The government has recently opened consultations for the draft E-commerce guidelines for consumer protection, as the Department of Consumer Affairs, under the Ministry of Consumer Affairs, Food and Public Distribution looks to finalize on the guidelines that will regulate the e-commerce sector in India. The policy once implemented is intended to help build customers trust by putting in place various check and balances across the e-commerce ecosystem, for grievances ranging from payment refunds, fake reviews, product quality, etc.

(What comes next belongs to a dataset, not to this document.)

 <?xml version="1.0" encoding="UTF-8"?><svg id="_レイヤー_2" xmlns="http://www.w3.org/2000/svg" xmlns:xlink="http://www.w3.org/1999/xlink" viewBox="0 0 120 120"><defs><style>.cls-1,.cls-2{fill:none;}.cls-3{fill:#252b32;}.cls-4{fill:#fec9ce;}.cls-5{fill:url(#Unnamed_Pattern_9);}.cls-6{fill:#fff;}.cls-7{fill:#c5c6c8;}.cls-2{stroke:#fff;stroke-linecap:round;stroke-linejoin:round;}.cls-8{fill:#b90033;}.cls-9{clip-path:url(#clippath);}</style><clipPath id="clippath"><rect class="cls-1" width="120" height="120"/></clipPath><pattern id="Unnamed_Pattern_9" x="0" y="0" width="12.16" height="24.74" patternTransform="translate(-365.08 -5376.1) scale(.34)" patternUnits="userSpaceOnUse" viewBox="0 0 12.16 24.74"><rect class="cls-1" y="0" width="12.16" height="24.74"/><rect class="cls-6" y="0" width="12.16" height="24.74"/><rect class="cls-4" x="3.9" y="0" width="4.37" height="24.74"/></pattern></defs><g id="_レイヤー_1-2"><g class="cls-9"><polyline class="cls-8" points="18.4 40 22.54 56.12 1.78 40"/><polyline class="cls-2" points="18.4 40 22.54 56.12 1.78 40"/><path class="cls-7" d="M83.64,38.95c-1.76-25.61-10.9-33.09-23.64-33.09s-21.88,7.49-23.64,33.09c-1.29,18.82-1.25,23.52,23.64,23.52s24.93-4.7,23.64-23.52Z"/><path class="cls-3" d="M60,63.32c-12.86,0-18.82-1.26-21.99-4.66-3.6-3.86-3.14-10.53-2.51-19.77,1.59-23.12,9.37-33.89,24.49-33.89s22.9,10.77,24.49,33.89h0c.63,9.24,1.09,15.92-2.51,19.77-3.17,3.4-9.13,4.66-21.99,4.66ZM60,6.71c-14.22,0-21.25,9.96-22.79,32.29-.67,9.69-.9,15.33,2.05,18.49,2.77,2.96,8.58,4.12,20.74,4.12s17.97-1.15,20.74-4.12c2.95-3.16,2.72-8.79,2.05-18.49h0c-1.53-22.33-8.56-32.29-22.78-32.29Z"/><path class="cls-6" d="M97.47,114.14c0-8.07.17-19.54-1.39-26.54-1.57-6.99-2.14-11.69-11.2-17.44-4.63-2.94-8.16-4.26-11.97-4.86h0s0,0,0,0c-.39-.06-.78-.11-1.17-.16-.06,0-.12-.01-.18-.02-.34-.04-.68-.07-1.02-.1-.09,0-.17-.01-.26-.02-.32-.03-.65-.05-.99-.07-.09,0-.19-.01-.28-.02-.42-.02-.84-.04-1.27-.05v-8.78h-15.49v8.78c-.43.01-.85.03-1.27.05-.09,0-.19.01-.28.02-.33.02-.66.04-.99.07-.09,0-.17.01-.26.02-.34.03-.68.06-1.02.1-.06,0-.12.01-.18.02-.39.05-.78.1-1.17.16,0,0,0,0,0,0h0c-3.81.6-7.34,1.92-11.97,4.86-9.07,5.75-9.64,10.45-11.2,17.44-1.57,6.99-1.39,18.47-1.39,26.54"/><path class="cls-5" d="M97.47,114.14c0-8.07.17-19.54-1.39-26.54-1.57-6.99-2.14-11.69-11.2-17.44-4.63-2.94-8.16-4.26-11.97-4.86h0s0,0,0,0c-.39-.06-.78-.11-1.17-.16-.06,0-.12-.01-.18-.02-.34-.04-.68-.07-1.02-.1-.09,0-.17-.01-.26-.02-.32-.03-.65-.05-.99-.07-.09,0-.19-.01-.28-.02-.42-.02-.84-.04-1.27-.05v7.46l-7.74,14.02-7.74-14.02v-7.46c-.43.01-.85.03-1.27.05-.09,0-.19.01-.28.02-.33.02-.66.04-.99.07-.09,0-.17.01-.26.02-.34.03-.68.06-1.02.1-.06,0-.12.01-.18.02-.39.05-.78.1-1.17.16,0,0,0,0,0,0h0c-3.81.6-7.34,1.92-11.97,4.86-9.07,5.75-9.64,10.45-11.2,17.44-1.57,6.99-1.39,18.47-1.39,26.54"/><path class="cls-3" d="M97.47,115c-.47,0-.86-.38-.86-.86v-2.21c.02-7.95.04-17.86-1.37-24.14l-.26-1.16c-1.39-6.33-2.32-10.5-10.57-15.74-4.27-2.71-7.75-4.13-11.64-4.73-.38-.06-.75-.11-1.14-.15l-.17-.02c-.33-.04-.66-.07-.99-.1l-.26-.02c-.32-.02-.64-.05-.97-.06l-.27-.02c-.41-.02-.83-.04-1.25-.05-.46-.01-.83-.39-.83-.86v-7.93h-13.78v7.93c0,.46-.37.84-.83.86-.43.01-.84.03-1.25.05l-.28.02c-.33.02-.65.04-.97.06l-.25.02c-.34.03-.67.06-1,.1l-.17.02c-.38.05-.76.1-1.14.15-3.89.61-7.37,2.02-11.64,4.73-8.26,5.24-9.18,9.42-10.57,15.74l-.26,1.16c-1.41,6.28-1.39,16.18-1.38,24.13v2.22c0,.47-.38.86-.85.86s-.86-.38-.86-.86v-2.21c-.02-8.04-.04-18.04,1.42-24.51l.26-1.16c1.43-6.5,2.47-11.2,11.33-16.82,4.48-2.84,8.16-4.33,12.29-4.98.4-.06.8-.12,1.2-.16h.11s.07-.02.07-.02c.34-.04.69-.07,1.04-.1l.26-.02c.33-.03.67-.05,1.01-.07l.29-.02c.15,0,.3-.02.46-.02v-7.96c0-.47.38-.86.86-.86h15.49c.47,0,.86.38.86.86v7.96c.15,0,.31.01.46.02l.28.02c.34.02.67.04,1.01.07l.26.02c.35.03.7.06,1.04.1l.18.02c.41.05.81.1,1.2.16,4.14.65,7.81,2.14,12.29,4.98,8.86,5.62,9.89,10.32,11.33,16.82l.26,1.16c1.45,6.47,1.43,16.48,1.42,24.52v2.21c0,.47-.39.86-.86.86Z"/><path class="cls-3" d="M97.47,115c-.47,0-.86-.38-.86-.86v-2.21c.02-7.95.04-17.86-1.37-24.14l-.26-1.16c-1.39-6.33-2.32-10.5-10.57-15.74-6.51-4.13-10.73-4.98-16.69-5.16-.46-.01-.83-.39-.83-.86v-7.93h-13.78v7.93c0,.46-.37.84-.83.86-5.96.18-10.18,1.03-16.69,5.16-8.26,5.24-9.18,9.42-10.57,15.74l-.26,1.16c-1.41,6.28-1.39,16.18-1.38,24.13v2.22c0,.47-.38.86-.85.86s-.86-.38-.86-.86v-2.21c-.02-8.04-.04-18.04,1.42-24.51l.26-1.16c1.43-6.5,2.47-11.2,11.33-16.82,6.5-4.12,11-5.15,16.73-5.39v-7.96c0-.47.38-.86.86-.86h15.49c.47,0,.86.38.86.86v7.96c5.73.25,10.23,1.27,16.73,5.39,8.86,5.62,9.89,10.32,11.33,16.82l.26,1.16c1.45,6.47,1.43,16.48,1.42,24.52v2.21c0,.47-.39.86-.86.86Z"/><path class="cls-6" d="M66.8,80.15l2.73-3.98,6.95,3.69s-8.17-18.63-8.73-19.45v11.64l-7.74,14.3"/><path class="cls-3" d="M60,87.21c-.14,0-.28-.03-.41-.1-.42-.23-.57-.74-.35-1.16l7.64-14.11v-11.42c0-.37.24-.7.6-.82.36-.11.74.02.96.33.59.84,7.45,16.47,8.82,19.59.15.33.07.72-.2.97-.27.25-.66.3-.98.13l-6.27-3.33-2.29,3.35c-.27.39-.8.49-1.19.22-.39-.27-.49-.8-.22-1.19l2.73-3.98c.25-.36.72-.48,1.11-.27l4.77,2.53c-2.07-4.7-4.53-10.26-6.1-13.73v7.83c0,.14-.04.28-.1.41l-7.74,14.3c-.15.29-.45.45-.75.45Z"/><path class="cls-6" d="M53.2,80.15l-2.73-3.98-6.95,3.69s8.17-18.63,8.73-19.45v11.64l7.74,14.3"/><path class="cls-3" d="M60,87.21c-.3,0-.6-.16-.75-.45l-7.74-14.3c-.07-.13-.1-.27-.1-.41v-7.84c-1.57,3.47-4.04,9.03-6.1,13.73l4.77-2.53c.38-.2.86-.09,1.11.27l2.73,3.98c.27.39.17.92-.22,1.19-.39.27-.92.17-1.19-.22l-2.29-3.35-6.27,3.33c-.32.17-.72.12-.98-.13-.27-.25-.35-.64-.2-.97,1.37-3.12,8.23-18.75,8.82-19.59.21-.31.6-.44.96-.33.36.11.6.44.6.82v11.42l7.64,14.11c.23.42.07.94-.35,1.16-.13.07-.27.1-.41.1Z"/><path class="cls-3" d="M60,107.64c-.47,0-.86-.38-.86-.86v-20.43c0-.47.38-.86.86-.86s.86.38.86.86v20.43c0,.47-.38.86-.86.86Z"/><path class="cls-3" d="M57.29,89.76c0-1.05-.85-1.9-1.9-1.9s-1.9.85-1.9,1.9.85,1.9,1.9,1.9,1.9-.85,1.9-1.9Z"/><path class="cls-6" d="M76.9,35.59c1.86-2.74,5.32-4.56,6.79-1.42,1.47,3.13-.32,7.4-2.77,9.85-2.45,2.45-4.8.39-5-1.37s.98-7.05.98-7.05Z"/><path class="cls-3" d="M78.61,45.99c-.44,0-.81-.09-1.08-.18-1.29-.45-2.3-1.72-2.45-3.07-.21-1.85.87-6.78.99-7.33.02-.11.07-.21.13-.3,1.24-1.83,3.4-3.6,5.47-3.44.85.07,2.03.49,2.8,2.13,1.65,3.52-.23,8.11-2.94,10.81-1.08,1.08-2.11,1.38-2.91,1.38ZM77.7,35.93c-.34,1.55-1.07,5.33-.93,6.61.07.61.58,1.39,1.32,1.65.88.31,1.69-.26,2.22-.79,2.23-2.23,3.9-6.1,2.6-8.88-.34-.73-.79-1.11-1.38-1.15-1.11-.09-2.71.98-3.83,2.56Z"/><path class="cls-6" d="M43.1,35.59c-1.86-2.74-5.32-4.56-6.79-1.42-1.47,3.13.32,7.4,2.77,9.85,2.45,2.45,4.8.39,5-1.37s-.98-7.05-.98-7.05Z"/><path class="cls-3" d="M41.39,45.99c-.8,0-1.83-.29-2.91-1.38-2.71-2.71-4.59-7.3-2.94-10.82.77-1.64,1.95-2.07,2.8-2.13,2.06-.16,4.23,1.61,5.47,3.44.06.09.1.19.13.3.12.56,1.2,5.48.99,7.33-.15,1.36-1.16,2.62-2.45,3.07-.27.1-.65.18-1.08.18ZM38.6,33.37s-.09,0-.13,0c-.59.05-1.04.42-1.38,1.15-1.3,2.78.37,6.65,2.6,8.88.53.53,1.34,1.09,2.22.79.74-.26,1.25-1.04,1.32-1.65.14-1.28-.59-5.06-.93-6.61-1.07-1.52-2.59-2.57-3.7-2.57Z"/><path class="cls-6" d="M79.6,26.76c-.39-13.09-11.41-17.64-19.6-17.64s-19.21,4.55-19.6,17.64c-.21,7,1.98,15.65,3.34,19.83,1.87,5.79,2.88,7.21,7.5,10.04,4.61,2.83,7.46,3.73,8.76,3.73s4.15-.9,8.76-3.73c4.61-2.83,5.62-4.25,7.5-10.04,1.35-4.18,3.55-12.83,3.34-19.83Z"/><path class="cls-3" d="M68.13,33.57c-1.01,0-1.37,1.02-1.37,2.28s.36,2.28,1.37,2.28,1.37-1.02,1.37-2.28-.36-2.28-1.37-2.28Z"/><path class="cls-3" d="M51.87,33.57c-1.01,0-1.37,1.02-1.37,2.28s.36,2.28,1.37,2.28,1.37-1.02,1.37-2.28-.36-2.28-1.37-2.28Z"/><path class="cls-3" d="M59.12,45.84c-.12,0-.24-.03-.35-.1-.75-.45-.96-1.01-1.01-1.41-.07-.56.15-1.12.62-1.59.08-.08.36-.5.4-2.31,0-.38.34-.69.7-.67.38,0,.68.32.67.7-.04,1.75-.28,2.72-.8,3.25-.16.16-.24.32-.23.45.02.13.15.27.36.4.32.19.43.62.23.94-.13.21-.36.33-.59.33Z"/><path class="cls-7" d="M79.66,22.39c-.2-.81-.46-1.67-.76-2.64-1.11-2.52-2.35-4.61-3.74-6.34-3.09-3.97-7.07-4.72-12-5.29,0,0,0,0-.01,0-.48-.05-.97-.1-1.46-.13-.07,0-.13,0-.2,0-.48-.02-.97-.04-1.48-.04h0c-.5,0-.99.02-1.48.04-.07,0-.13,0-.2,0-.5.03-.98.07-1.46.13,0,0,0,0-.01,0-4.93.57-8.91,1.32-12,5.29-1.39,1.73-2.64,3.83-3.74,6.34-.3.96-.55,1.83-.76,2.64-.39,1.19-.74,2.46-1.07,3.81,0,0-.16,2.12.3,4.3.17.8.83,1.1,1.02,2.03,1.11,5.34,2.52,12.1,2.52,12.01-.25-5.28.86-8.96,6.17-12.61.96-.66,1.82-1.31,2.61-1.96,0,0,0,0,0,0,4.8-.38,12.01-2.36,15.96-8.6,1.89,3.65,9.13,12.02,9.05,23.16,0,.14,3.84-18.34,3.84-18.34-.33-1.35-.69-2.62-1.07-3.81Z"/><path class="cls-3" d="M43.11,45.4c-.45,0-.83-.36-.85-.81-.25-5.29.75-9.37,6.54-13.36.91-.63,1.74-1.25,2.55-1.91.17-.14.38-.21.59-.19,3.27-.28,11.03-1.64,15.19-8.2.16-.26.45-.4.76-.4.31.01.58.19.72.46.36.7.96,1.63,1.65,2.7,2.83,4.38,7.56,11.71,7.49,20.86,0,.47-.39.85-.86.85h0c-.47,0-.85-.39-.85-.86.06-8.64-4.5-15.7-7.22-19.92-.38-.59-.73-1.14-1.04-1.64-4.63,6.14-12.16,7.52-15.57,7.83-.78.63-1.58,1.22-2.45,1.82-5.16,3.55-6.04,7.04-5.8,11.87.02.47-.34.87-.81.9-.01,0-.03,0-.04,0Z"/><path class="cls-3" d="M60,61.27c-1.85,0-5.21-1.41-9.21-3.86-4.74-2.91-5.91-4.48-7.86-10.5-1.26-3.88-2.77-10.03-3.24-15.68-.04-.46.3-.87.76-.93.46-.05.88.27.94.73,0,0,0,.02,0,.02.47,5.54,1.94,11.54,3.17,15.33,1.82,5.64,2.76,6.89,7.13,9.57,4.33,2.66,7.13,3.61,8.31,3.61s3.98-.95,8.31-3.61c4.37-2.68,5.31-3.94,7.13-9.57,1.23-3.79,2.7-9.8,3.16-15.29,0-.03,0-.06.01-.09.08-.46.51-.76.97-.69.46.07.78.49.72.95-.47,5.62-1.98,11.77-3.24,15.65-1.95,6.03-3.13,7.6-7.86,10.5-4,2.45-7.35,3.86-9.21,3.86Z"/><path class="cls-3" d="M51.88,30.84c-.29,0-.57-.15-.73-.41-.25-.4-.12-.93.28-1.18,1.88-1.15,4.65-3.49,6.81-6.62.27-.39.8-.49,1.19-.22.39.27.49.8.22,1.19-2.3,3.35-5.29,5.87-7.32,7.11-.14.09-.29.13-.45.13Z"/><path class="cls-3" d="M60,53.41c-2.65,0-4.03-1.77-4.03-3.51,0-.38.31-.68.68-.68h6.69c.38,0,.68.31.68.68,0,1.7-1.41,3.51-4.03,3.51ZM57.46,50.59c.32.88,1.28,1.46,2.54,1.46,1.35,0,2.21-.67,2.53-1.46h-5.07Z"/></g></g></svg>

The policy intends to provide guidelines for preventing fraud, unfair trade practices and protecting legitimate rights and interests of consumers. One of the welcome fundamental facets is that the policy proposes to bring equitable treatment amongst both foreign and domestically funded companies. The policy in spirit is positive and sets out a range of laudable measures, however, there needs to measured response to ensure DIPP maintain the right balance between regulating consumer interest while at the same time encouraging entrepreneurship, innovation, growth, and investment opportunities. Some of the key aspects covered in the policy are:
The guidelines require all e-commerce business to have a presence in India as a ‘legal entity’. Mandating a corporate presence in India for the foreign e-commerce websites and apps operating in India will hinder the scheme of facilitating the “ease of doing business in India”. This will directly restrict Indian consumers’ choice and accessibility to global products and services. Further, any reciprocal restriction that may be imposed by other countries in retaliation to this condition in India, would also impact the expansion of Indian entities and products overseas.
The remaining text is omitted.